Millones de ciudadanos estadunidense registrados en el padrón electoral han comenzado a recibir sus boletas de votación y a sufragar enviado su decisión por medio del servicio postal, como parte de las recomendaciones que hacen las autoridades de salud de sus estados para reducir los riesgos de contagio de covid-19. Consciente de que él representa la irreverencia y desdén de la pandemia y que sus seguidores lo emulan, Trump desde ya declara que por el voto anticipado a través del servicio postal habrá fraude en las elecciones.
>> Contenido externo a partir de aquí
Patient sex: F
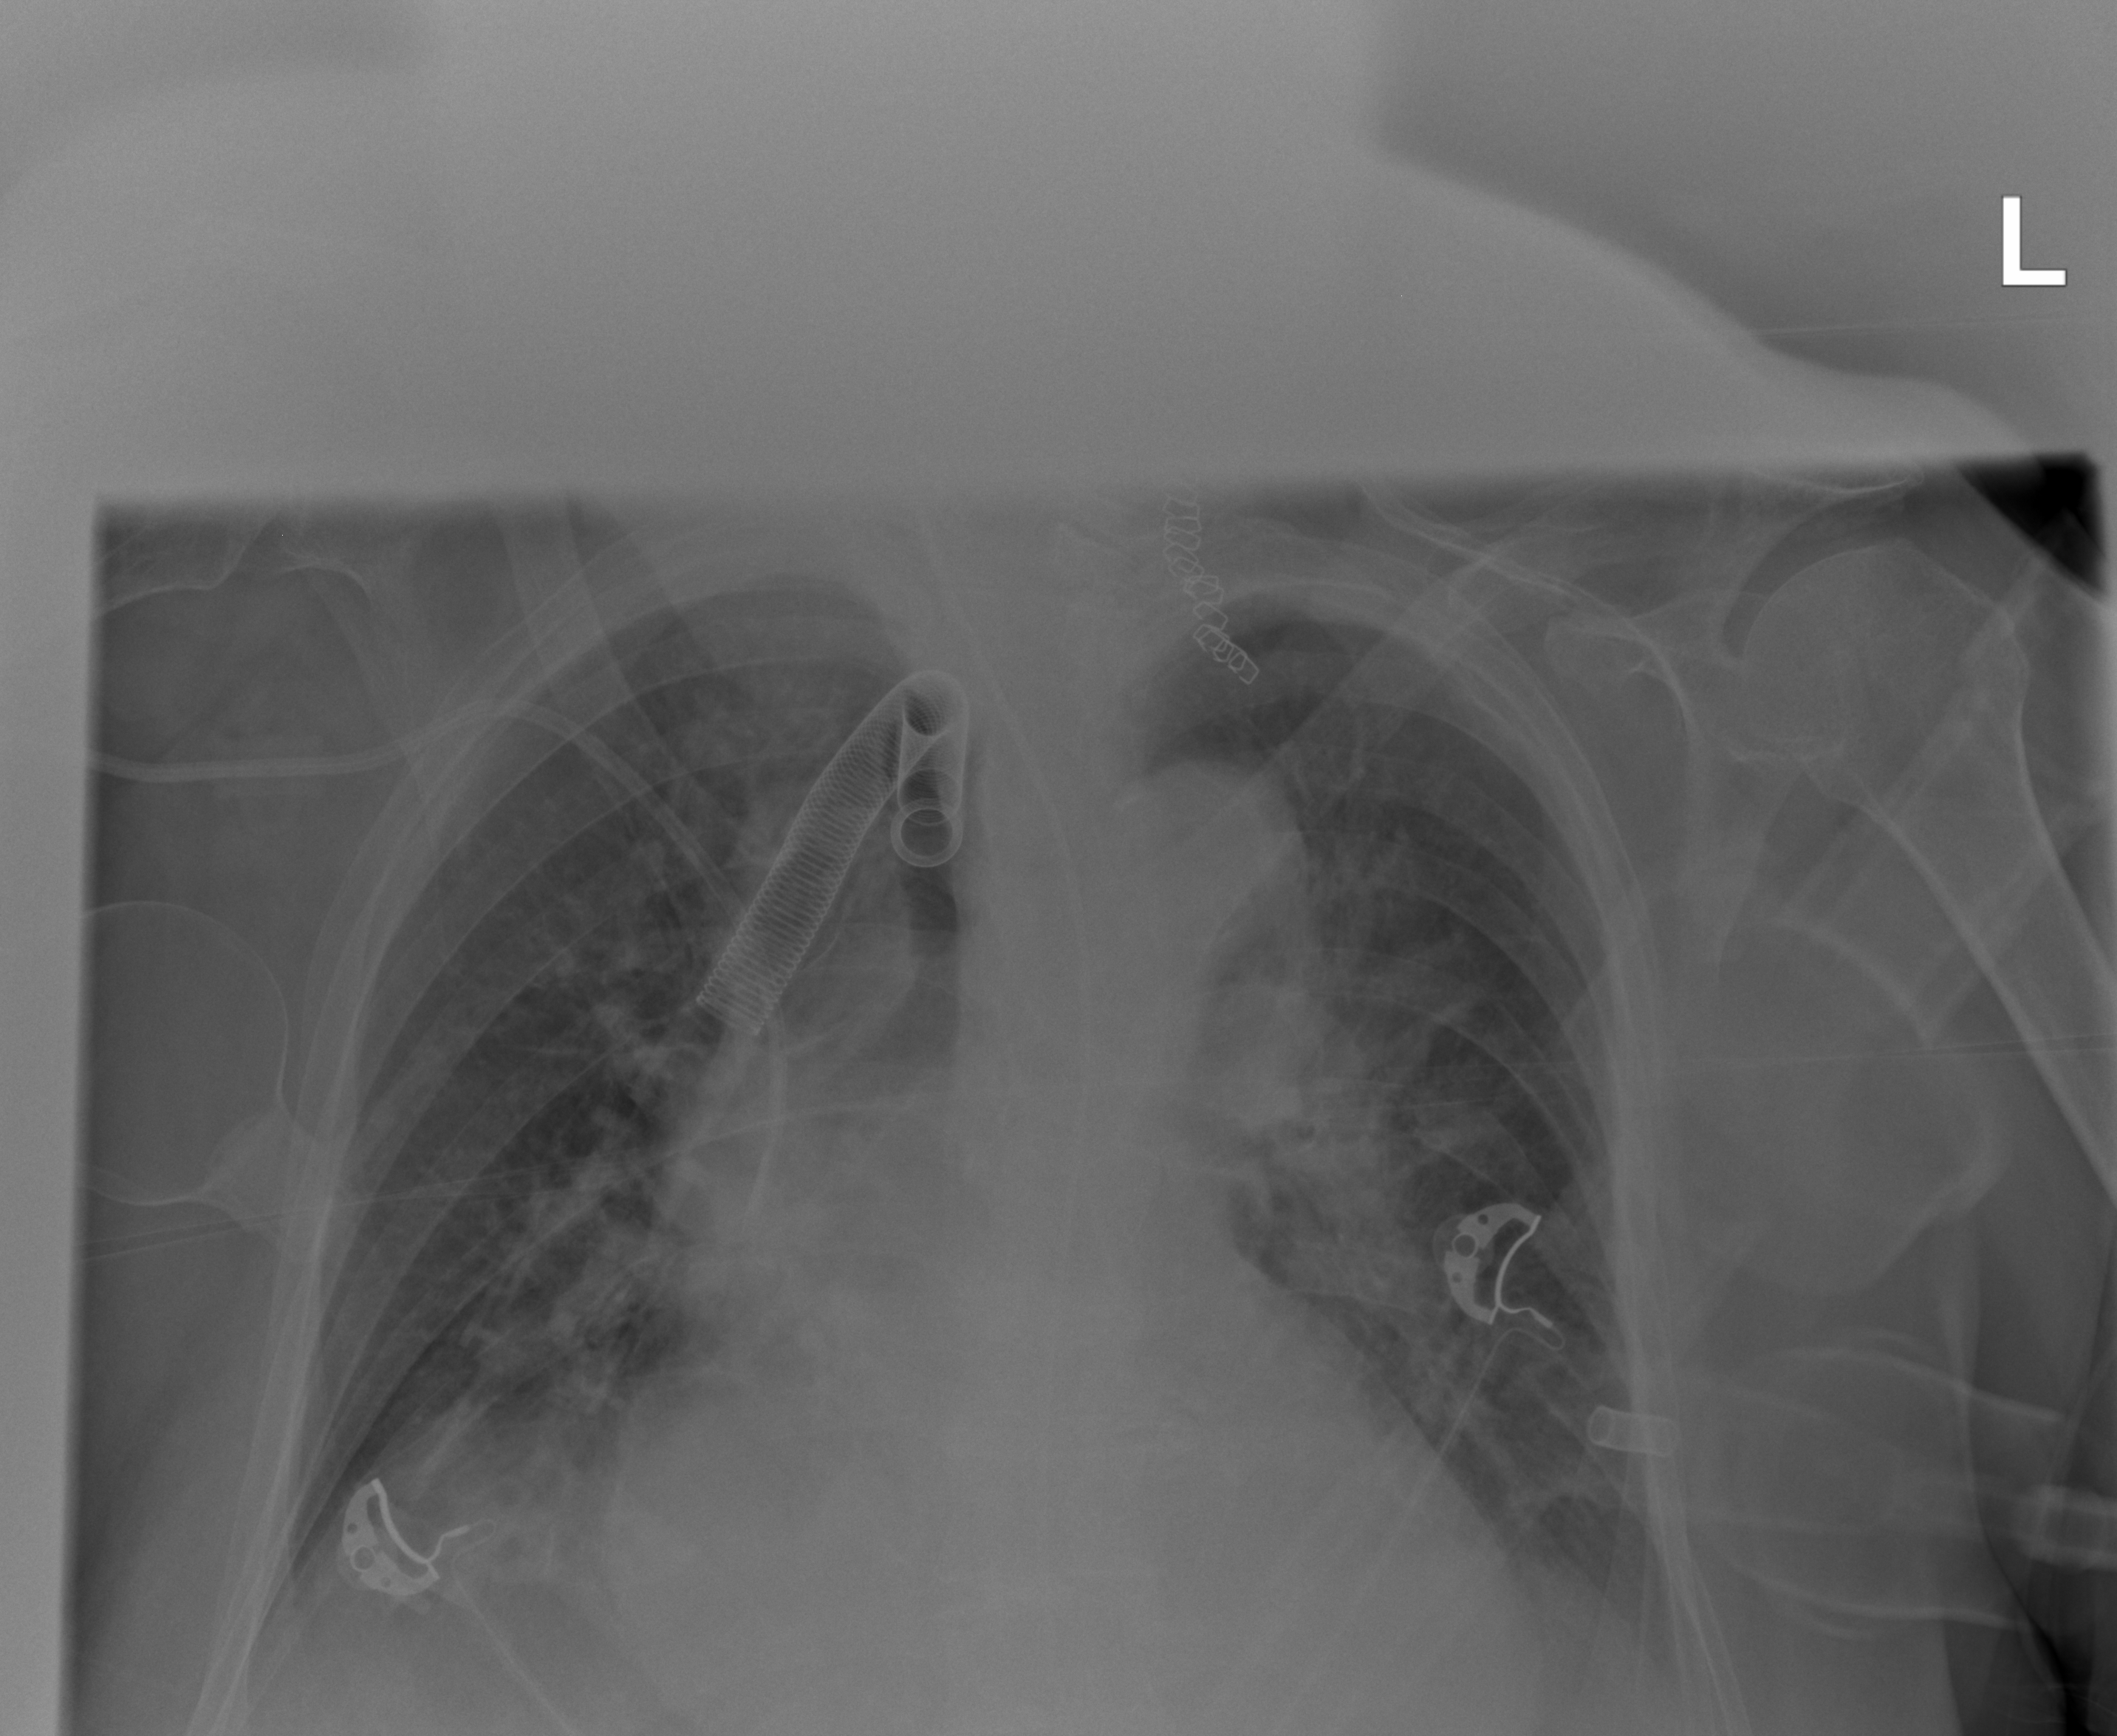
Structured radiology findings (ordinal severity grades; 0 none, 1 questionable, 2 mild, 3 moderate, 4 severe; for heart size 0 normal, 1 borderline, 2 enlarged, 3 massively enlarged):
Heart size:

El presidente insiste en que los electores acudan en persona a las casillas para votar, que no hagan caso de los riesgos de contagio porque es más importante mantener la integridad del proceso democrático que se ve amenazado por el voto adelantado por medio del servicio postal. Al dar positivo a la prueba de covid-19, Trump se queda sin autoridad moral para presionar al sector ultraconservador de derecha, que también es el que tiene el menor nivel de educación, a que sin temor al virus arriesguen su salud y acudan a las casillas a sufragar personalmente. La pregunta que se hacen en Estados Unidos no es si se realizarán o no los otros dos debates presidenciales calendarizados para los días 15 y 22 de este mes de octubre, sino cuántos votantes arriesgarán su salud para votar en persona después del contagio de Trump. Biden puede ser el mayor beneficiado si, por la plaga de coronavirus que afecta a los huéspedes y funcionarios de la Casa Blanca, más electores optan por votar a través del servicio postal y de manera anticipada. Queda en el aire la duda sobre si Trump puede verse por igual electoralmente beneficiado si se victimiza y, a sus 74 años, se recupera rauda y misteriosamente gracias a un remedio que, aunque no es garantizado científicamente, lo declara como la solución al mal.